How Do We Know What We Know?
If we want to endow machines with knowledge we had better understand what it is. Epistemology, a term first used in 1854, is the branch of philosophy concerned with the theory of knowledge. It is not much studied in the schools these days and certainly not in computer science curriculums.
Traditionally, epistemologists have focused on such concepts as truth, belief and justification as applied to any given assertions. From that perspective it is not much help since previous attempts to put knowledge into machines failed because they treated knowledge as just that, a vast collection of assertions (facts or opinions). That is not knowledge -that is data.
We need to find an organizing structure for all these facts that will transform them into a road map of the world. Since the dawn of civilization there have successive descriptions of the our world or reality.
The ancients created, as beautify articulated by the theorems of the Alexandrian mathematician Ptolemy, an elegant geometric model of the universe with the earth at the center and everything else travelling around it on perfect circles, at a constant velocity. They had to put circles traveling on other circles to make the model match the actual celestial observations – but it worked![1]
Later this model was, (what should one say, refuted, replaced, and superseded?) by Newton who placed the sun at the center and exchanged regular circle motion with his 3 laws and universal gravitation. This completely different model worked too and what is more, it not only could predict the observations of the celestial bodies but could explain the trajectory of a dropped apple. You could use it the navigate a spacecraft to the moon: a non-starter for the Ptolemaic system. Later still, Einstein showed us that Newton’s model was just a special case of a more one more general still and in so doing showed us how to navigate a ship to a distant star; a non-starter for the Newtonian system.
But remarkably, the Ptolemaic model enabled seafarers to navigate the globe with a simple instrument, the sextant, and some carefully complied tables of observations. Newtonian mechanics were useless for that task up until the twentieth century and then it required an extremely sophisticated instrument; the Inertial Navigation System.
Each of these worldviews is best described as a model; an intricately constructed representation of something else for the sake of being able to predict the observations. Each one obeyed the scientific method, they started with observations and formulated a hypothesis which could then be used to predict future observations. Today we call such models theories and we do not equate them with truth. And so we should not because their true figure of merit is the problem they solve.

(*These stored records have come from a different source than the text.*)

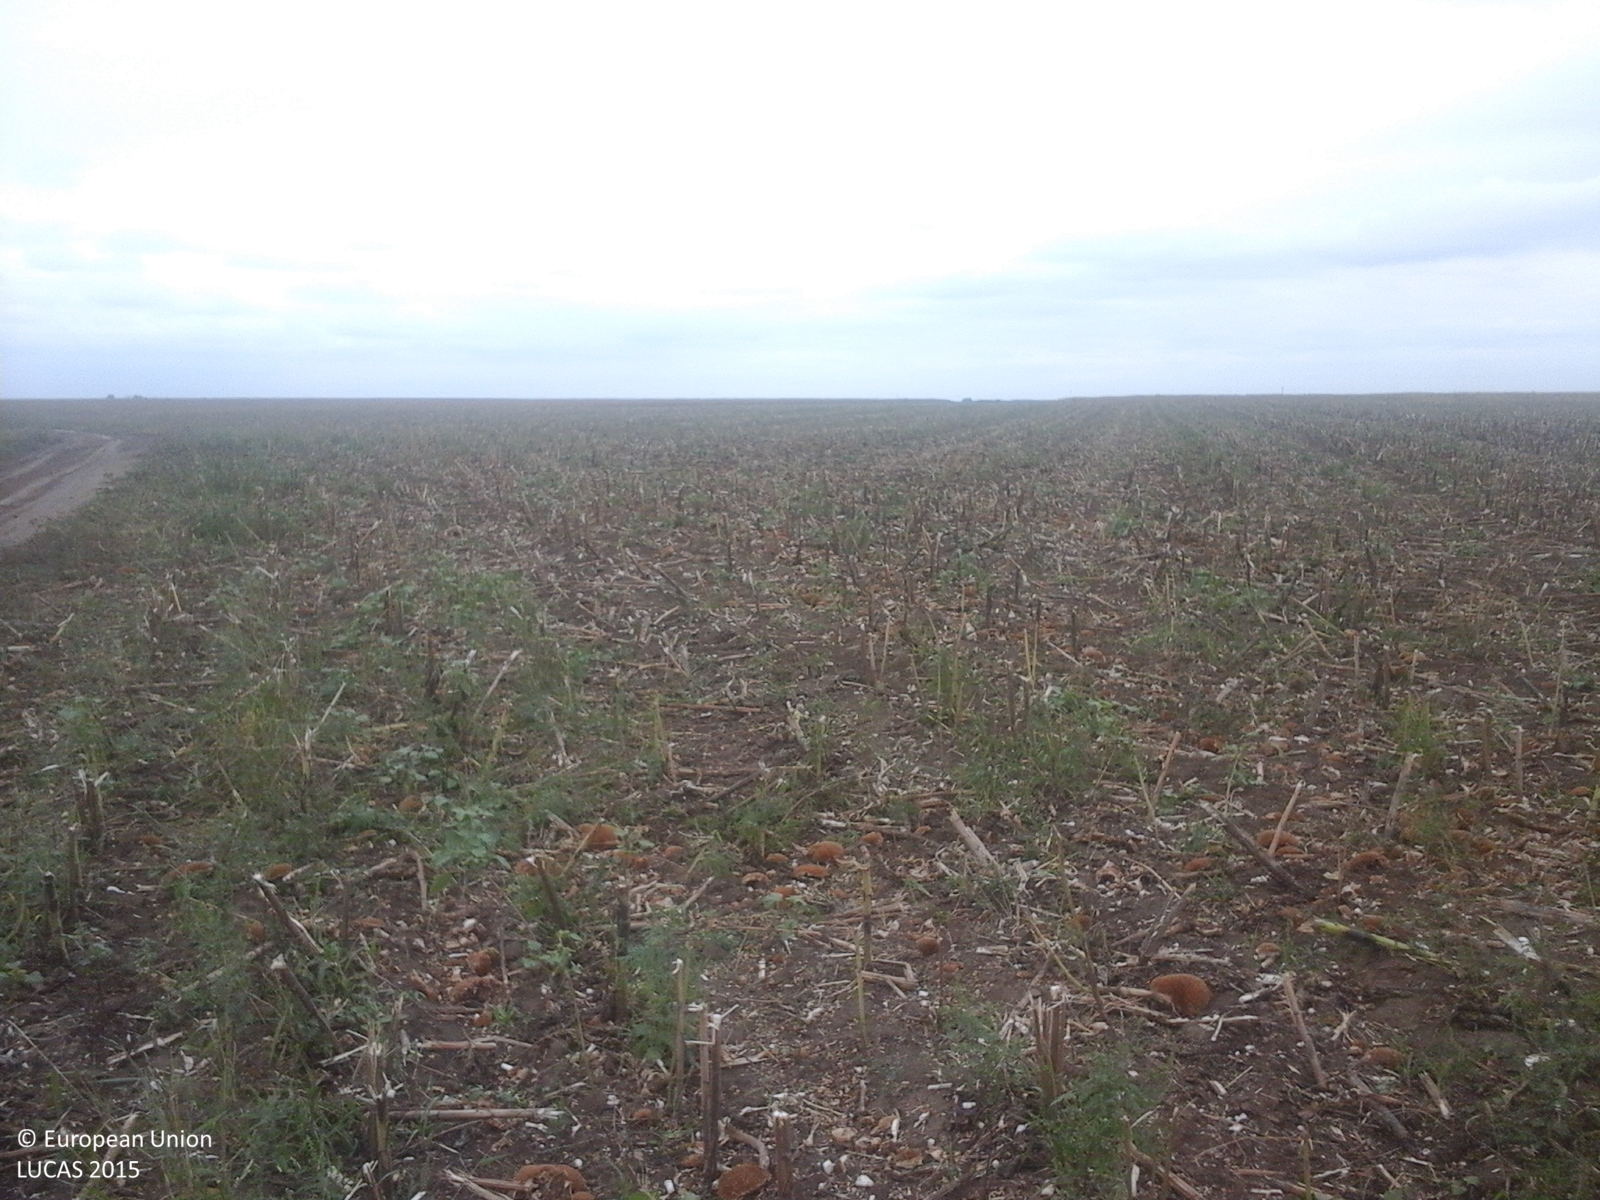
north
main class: Cropland
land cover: Sunflower
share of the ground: < 10 %
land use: Agriculture (excluding fallow land and kitchen gardens)
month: September
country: RO
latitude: 47.3497
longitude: 21.9755
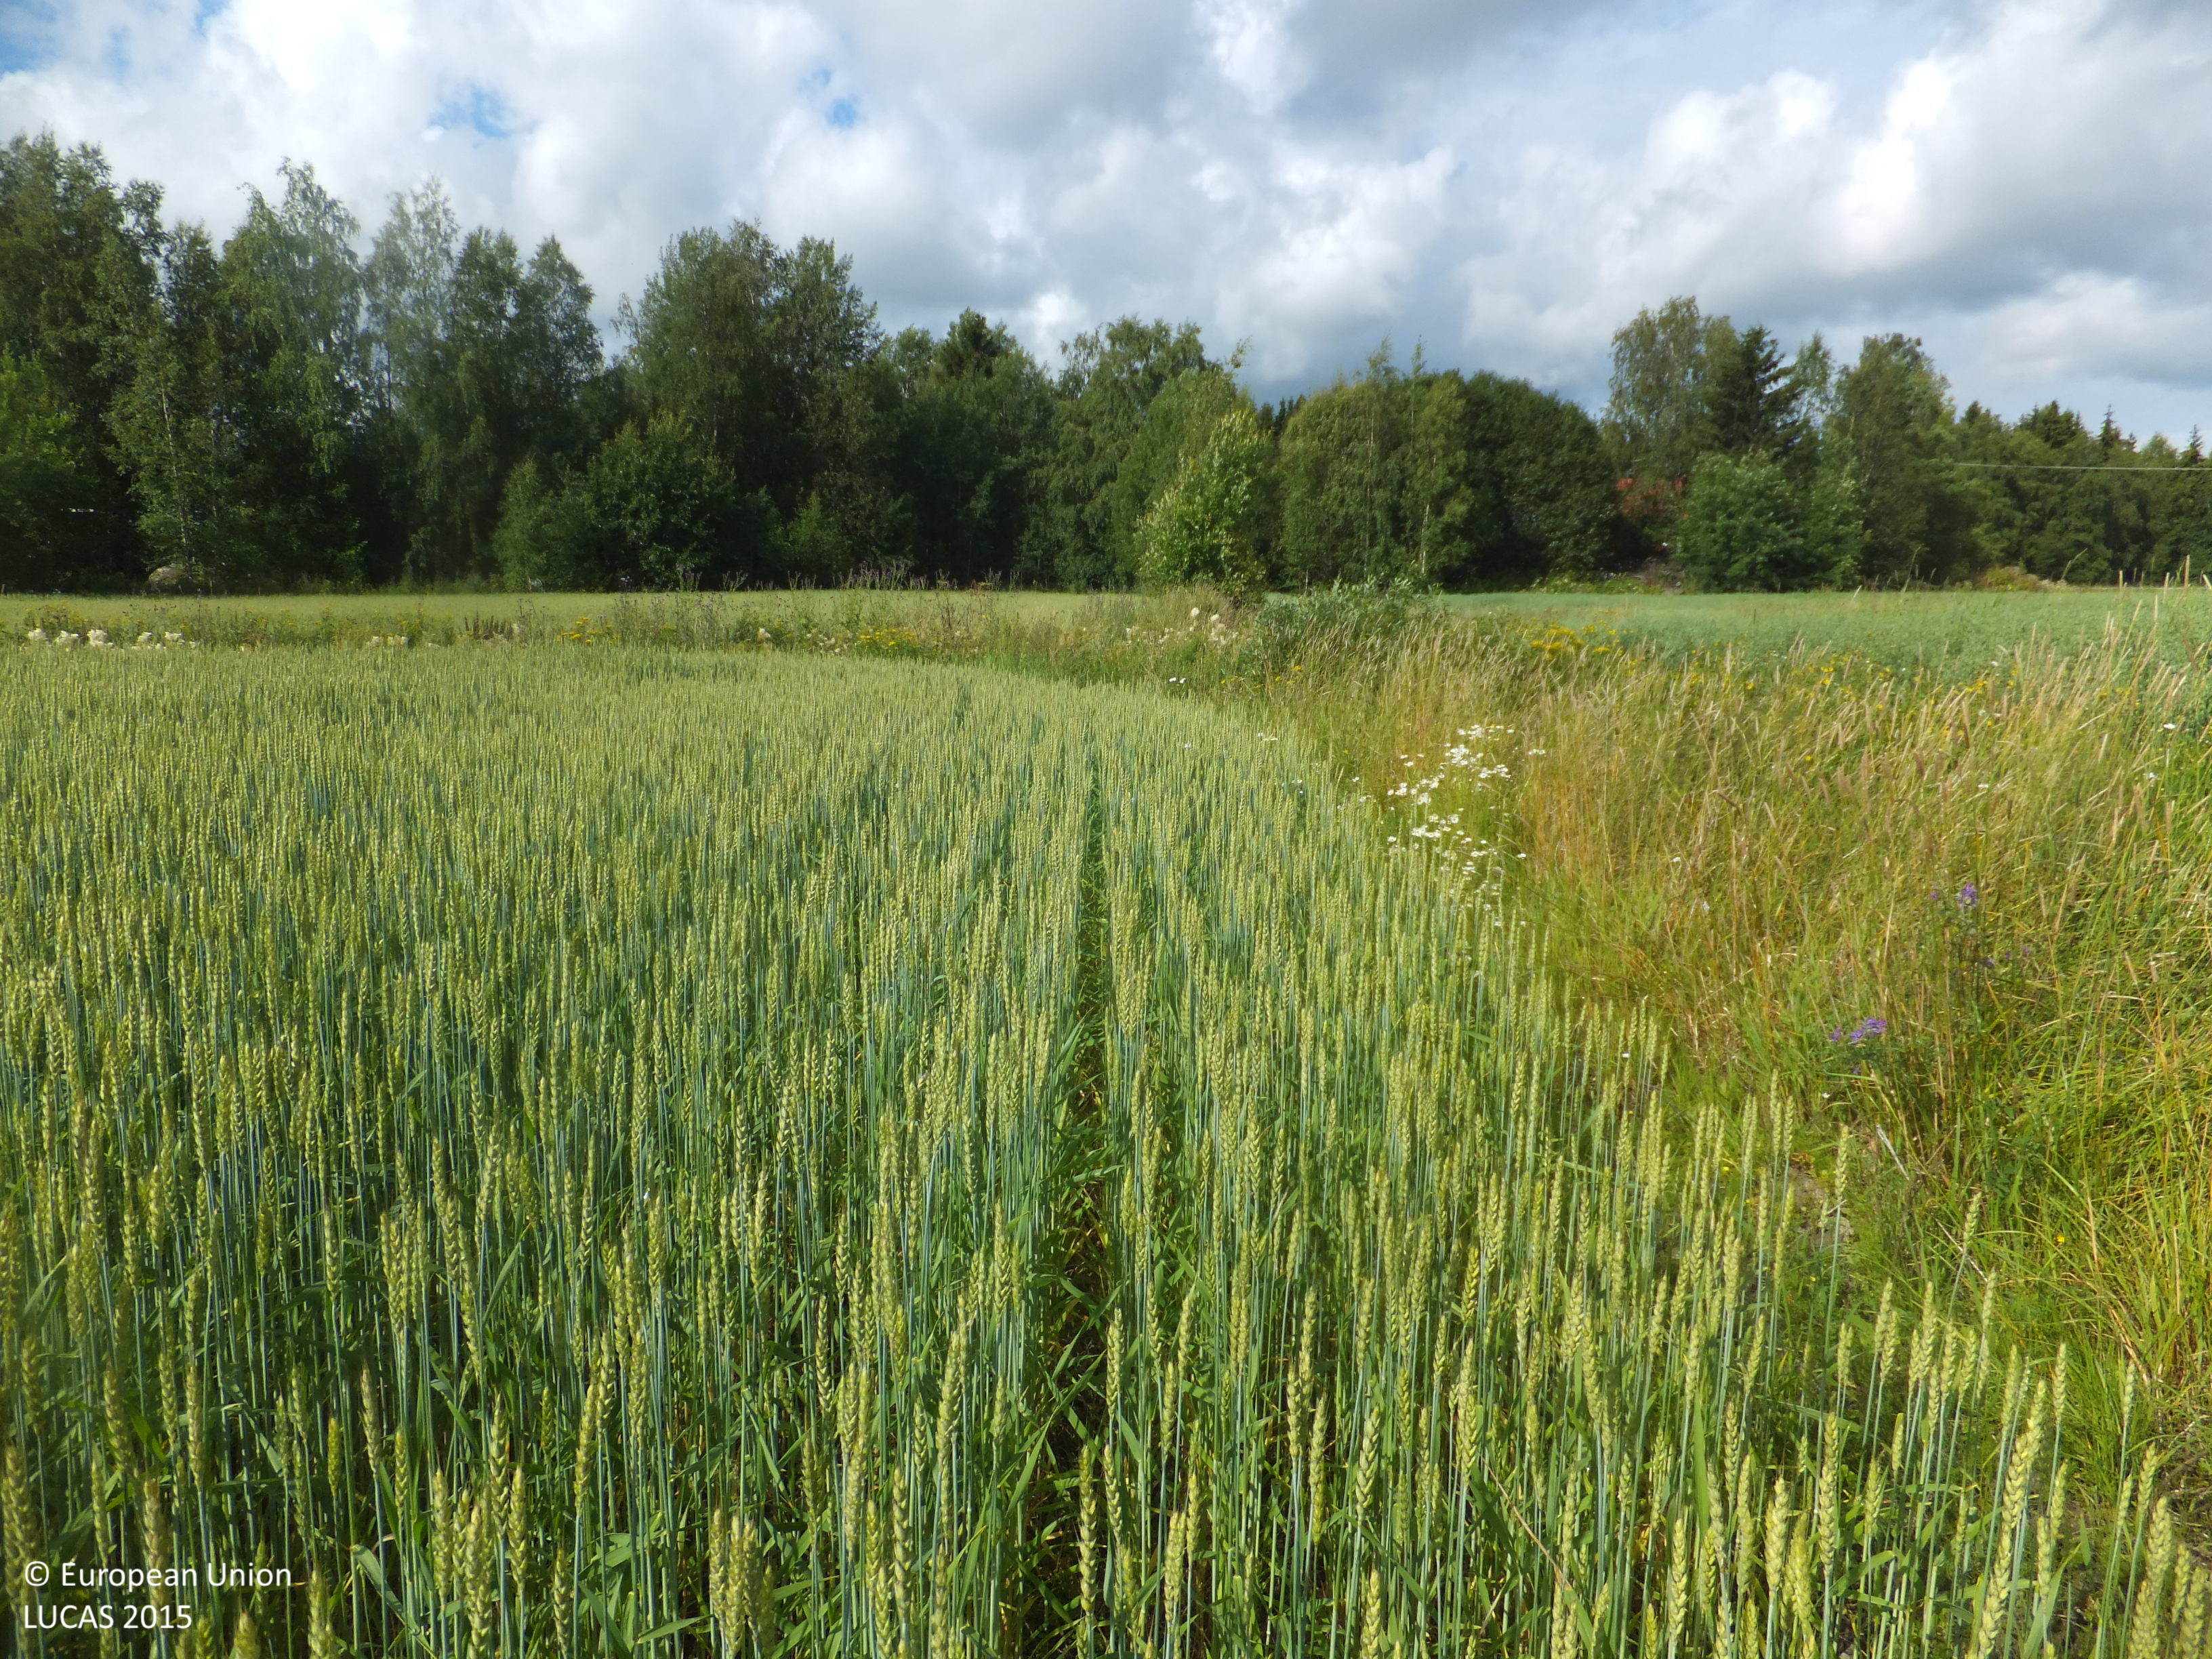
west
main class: Cropland
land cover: Common wheat
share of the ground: > 75 %
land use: Agriculture (excluding fallow land and kitchen gardens)
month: July
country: FI
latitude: 63.0702
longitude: 22.1387
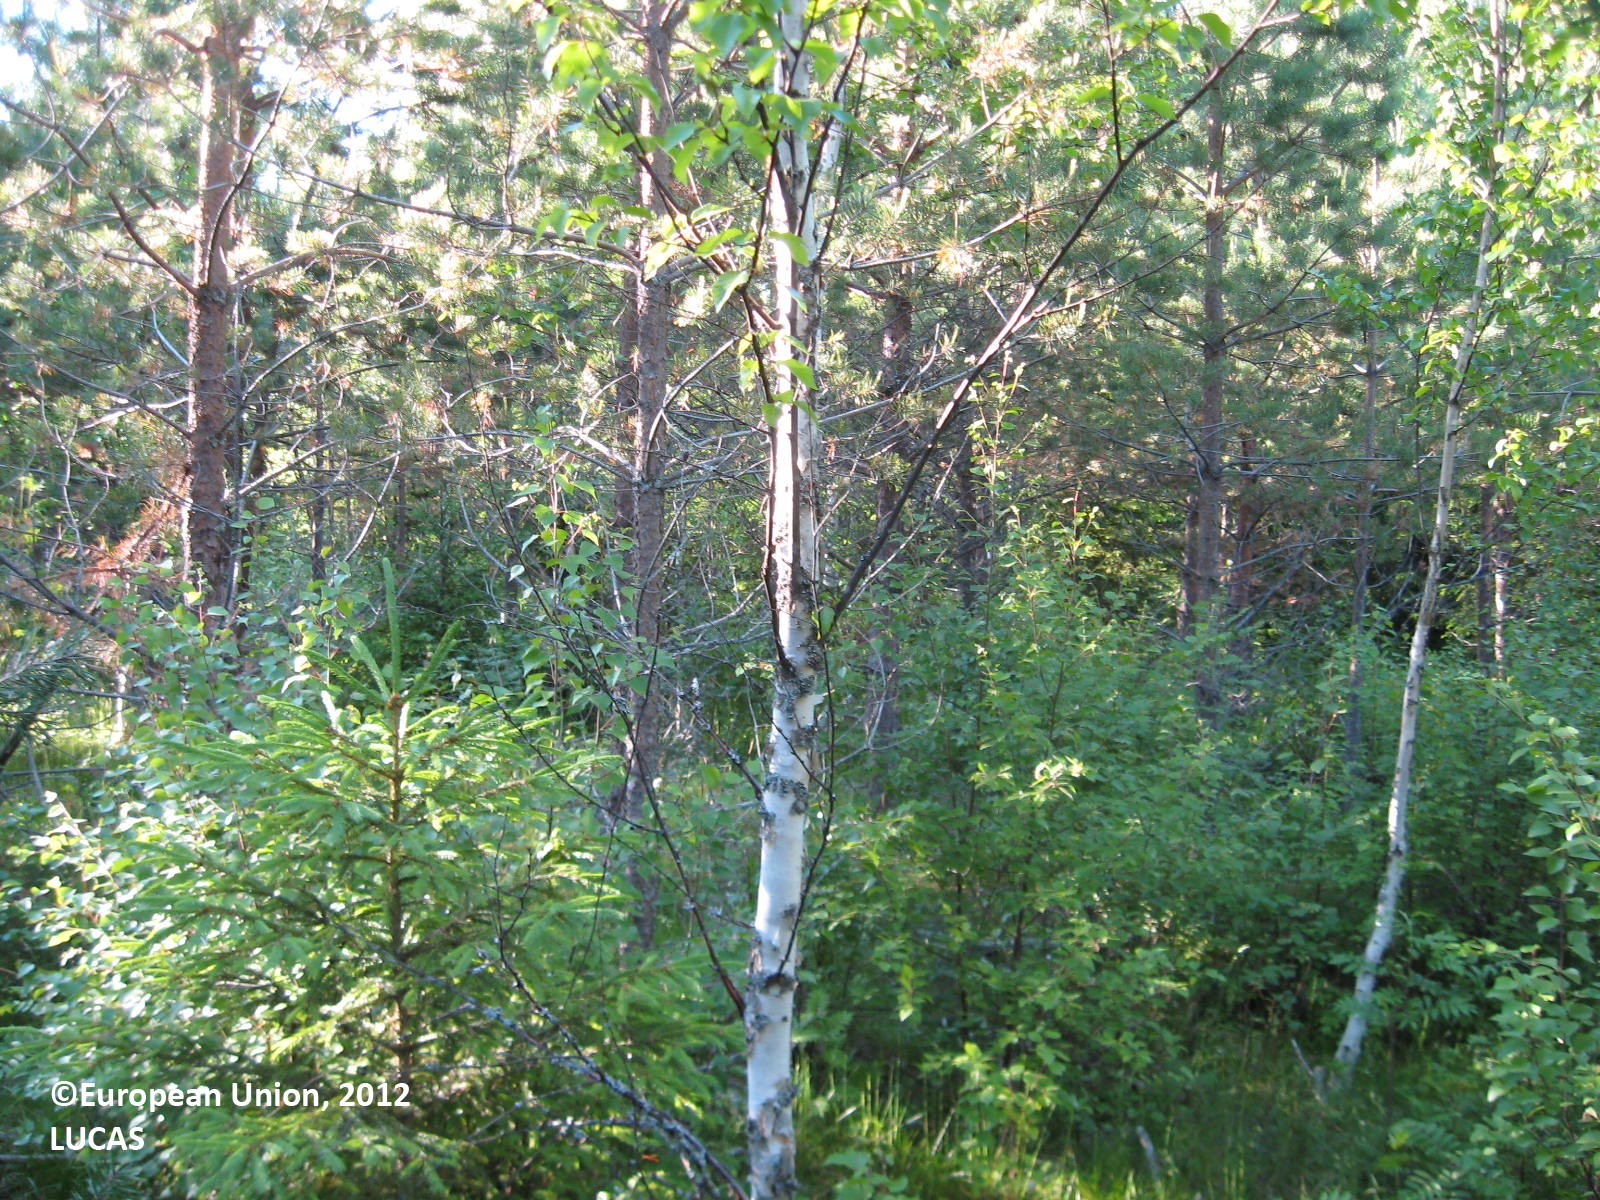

But what is intelligence, that property that we observe in humans to a far greater degree than any other species, but that ability to create knowledge of the world? Knowledge gives us the power to predict the results of our actions and is the ability that has made humans the masters of our world. Among all the ideas that can be considered knowledge, it is scientific “theories” that have given us the greatest power. Science has harnessed the power of atoms and sent ships into space.
Thus, from this perspective, we arrive at a new theory of epistemology, one not focused on truth but on utility. Knowledge gets the job done. The perspective is liberating but it is just the beginning. Theories are models and models have structure. Can we expose the hidden structure of knowledge and apply it as a computable data structure? The answer is yes and in so doing we will transform epistemology from an arcane branch of philosophy to an engineering discipline. We call it Epistemological Engineering; a new branch of computer science.
[1] In so doing they laid the foundation for Fourier Analysis but that invention had to wait for another 2000 or so years. What was the missing piece? Probably it was the notion of infinity. The Greeks were very suspicious of the idea (who can blame them). Fourier Analysis grew out of his work on infinite series and the Greeks just didn’t want to go there.